After announcing its new generation of GeForce RTX 30 Series graphics cards, Nvidia might have been forgiven for thinking that all gamers would be happy with the huge performance leap, as well as the significantly lower than expected pricing for the mid-range RTX 3080 and 3070 cards. However, one group of PC gamers who recently bought Nvidia’s current generation flagship, the RTX 2080 Ti, feel as though they’ve been treated unfairly.
The problem is that the Nvidia GeForce RTX 3080 will be launching at $699, and is expected to be up to 70% faster in titles with ray tracing than the RTX 2080 Ti, which has still been selling for $1000+ in recent months. Similarly, the RTX 3070 will be launching at $499, and is expected to match the 2080 Ti in most areas of performance, but be significantly stronger at ray tracing.
The exceptional pricing of the RTX 3080 and 3070 mean that not only are recent 2080 Ti buyers feeling cheated in performance terms, those planning to upgrade to the RTX 30 Series are finding the resale values of the cards plummeting as a flood of them hit the market. Used cards have already been sold on eBay for as low as $550, while the slightly upgraded 2080 Ti Super Founders Edition has dropped to $850 new on Amazon.
Much attention has been placed on the flagship RTX 3090, the gigantic performance increases that come with 24 GB of next generation GDDR6X memory, and the claim from Nvidia that 8K resolution gaming is achievable with the card before most gamers have even upgraded to 4K. Yet for the majority of people, it is the RTX 3080 and RTX 3070 that provide the realistic upgrade options, and the reveal shows Nvidia being super competitive in its aim of attracting gamers away from AMD cards. The price points could even start a mid-range price war, as if AMD cannot find a performance boost in the same region for its upcoming RDNA2 powered Navi 2X cards, it may need to rely on low pricing to attract gamers.

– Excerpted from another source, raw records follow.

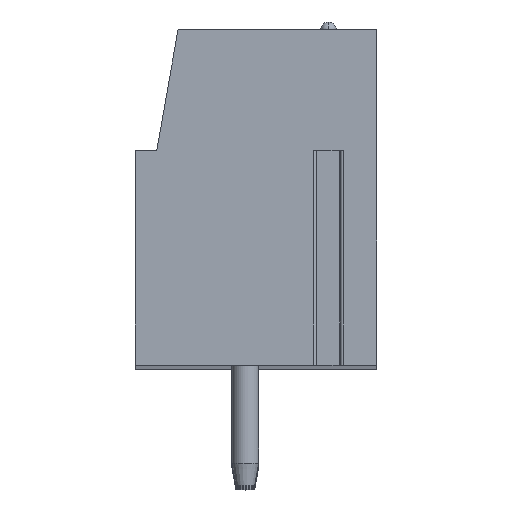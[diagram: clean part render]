
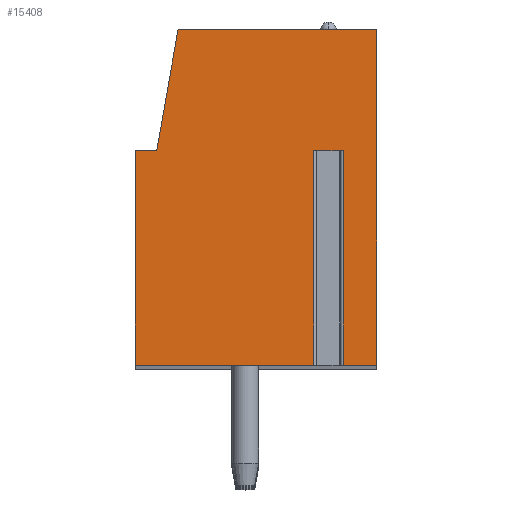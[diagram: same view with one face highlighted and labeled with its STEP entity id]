
A CAD part, top view. The second image highlights one B-rep face of the part: STEP entity #15408.
In plain terms, the highlighted planar face has unit normal (0, 0, 1).
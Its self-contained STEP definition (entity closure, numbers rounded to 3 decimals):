
#13=DIRECTION('',(-1.,0.,0.));
#14=VECTOR('',#13,1.112);
#15=CARTESIAN_POINT('',(3.256,1.75,88.9));
#16=LINE('',#15,#14);
#17=DIRECTION('',(0.,-1.,0.));
#18=VECTOR('',#17,8.);
#19=CARTESIAN_POINT('',(2.144,1.75,88.9));
#20=LINE('',#19,#18);
#21=DIRECTION('',(1.,0.,0.));
#22=VECTOR('',#21,6.644);
#23=CARTESIAN_POINT('',(-4.5,-6.25,88.9));
#24=LINE('',#23,#22);
#25=DIRECTION('',(0.,-1.,0.));
#26=VECTOR('',#25,8.);
#27=CARTESIAN_POINT('',(-4.5,1.75,88.9));
#28=LINE('',#27,#26);
#29=DIRECTION('',(-1.,0.,0.));
#30=VECTOR('',#29,0.8);
#31=CARTESIAN_POINT('',(-3.7,1.75,88.9));
#32=LINE('',#31,#30);
#33=DIRECTION('',(-0.174,-0.985,0.));
#34=VECTOR('',#33,4.569);
#35=CARTESIAN_POINT('',(-2.907,6.25,88.9));
#36=LINE('',#35,#34);
#37=DIRECTION('',(-1.,0.,0.));
#38=VECTOR('',#37,7.407);
#39=CARTESIAN_POINT('',(4.5,6.25,88.9));
#40=LINE('',#39,#38);
#41=DIRECTION('',(0.,1.,0.));
#42=VECTOR('',#41,12.5);
#43=CARTESIAN_POINT('',(4.5,-6.25,88.9));
#44=LINE('',#43,#42);
#45=DIRECTION('',(1.,0.,0.));
#46=VECTOR('',#45,1.244);
#47=CARTESIAN_POINT('',(3.256,-6.25,88.9));
#48=LINE('',#47,#46);
#49=DIRECTION('',(0.,-1.,0.));
#50=VECTOR('',#49,8.);
#51=CARTESIAN_POINT('',(3.256,1.75,88.9));
#52=LINE('',#51,#50);
#12133=CARTESIAN_POINT('',(-3.7,1.75,88.9));
#12134=CARTESIAN_POINT('',(-4.5,1.75,88.9));
#12135=VERTEX_POINT('',#12133);
#12136=VERTEX_POINT('',#12134);
#12137=CARTESIAN_POINT('',(-4.5,-6.25,88.9));
#12138=VERTEX_POINT('',#12137);
#12139=CARTESIAN_POINT('',(4.5,-6.25,88.9));
#12140=CARTESIAN_POINT('',(4.5,6.25,88.9));
#12141=VERTEX_POINT('',#12139);
#12142=VERTEX_POINT('',#12140);
#12143=CARTESIAN_POINT('',(-2.907,6.25,88.9));
#12144=VERTEX_POINT('',#12143);
#12193=CARTESIAN_POINT('',(3.256,1.75,88.9));
#12194=CARTESIAN_POINT('',(2.144,1.75,88.9));
#12195=VERTEX_POINT('',#12193);
#12196=VERTEX_POINT('',#12194);
#12197=CARTESIAN_POINT('',(2.144,-6.25,88.9));
#12198=VERTEX_POINT('',#12197);
#12199=CARTESIAN_POINT('',(3.256,-6.25,88.9));
#12200=VERTEX_POINT('',#12199);
#15381=CARTESIAN_POINT('',(0.,0.,88.9));
#15382=DIRECTION('',(0.,0.,1.));
#15383=DIRECTION('',(1.,0.,0.));
#15384=AXIS2_PLACEMENT_3D('',#15381,#15382,#15383);
#15385=PLANE('',#15384);
#15387=ORIENTED_EDGE('',*,*,#15386,.T.);
#15389=ORIENTED_EDGE('',*,*,#15388,.T.);
#15391=ORIENTED_EDGE('',*,*,#15390,.F.);
#15393=ORIENTED_EDGE('',*,*,#15392,.F.);
#15395=ORIENTED_EDGE('',*,*,#15394,.F.);
#15397=ORIENTED_EDGE('',*,*,#15396,.F.);
#15399=ORIENTED_EDGE('',*,*,#15398,.F.);
#15401=ORIENTED_EDGE('',*,*,#15400,.F.);
#15403=ORIENTED_EDGE('',*,*,#15402,.F.);
#15405=ORIENTED_EDGE('',*,*,#15404,.F.);
#15406=EDGE_LOOP('',(#15387,#15389,#15391,#15393,#15395,#15397,#15399,#15401,
#15403,#15405));
#15407=FACE_OUTER_BOUND('',#15406,.F.);
#15386=EDGE_CURVE('',#12195,#12196,#16,.T.);
#15388=EDGE_CURVE('',#12196,#12198,#20,.T.);
#15390=EDGE_CURVE('',#12138,#12198,#24,.T.);
#15392=EDGE_CURVE('',#12136,#12138,#28,.T.);
#15394=EDGE_CURVE('',#12135,#12136,#32,.T.);
#15396=EDGE_CURVE('',#12144,#12135,#36,.T.);
#15398=EDGE_CURVE('',#12142,#12144,#40,.T.);
#15400=EDGE_CURVE('',#12141,#12142,#44,.T.);
#15402=EDGE_CURVE('',#12200,#12141,#48,.T.);
#15404=EDGE_CURVE('',#12195,#12200,#52,.T.);
#15408=ADVANCED_FACE('',(#15407),#15385,.T.);

By any measure, Nvidia has knocked the RTX 30 Series reveal out of the park, combining huge performance gains with amazing value pricing on the mid range cards. Not only will the price points cause huge concern for AMD, but potentially for Sony too, as high performance ray tracing gaming PCs become significantly more affordable. It is understandable though, why gamers would feel ripped off after buying a 2080 Ti recently, with low supply keeping prices high, few would have anticipated that a similarly powerful card will be available for half the price just a few months later.
Whether Nvidia chooses to tackle this problem with discounts or gifts remains to be seen, but for gamers looking for high-value ways to upgrade graphics performance, there has probably never been a better time.
Nvidia GeForce RTX 3080 will be available on September 17, GeForce RTX 3090 on September 24, and GeForce RTX 3070 in October.